# 93 Sentra XE - Just started



## Guest (Jul 15, 2002)

Just got into trying to improve the performance on this car. An automatic so I am not wanting to go too far. It's also a daily driver. No major engine modifications yet. 70 series tires cause I have to get up the ski slopes. 

My first step for improved performance should be?

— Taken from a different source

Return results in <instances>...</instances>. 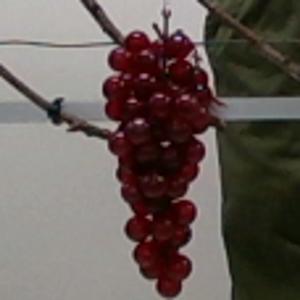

I have the stock set of tires for sale - Follow the link for a picture.http://gladstone.uoregon.edu/~mbeardsl/tires/tires.htm


----------



## sentrapower93 (May 11, 2002)

Advance your timing to 15 deg. and get a 5 HP increase for free. Then get a HS cai, this will be a good start and you will feel a nice power increase...


----------



## Guest (Jul 15, 2002)

*hp increase from CAI*

Except for the changed wheels, everything else is stock.. what kind of hp results would you expect?


----------



## sentrapower93 (May 11, 2002)

*Re: hp increase from CAI*



169 said:


> *Except for the changed wheels, everything else is stock.. what kind of hp results would you expect? *


The HS CAI should give you about a 4-5 HP increase...


----------



## sentra94xe (May 6, 2002)

I went ahead and checked off "CAI" because it is one of the best bang-for-the-buck mods on the GA-motor. Place Racing and Hotshot both put out exceptional CAI products for our motors... and I've only heard good things about the AEM intake, thought it is a lil' bit more expensive. As for what to truely do first, advance your timing. FREE mods are the bestest! (yes, that's bestest  ). LOL You can find past posts about advancing your timing in the Archives... use the "Search" command to find them.


----------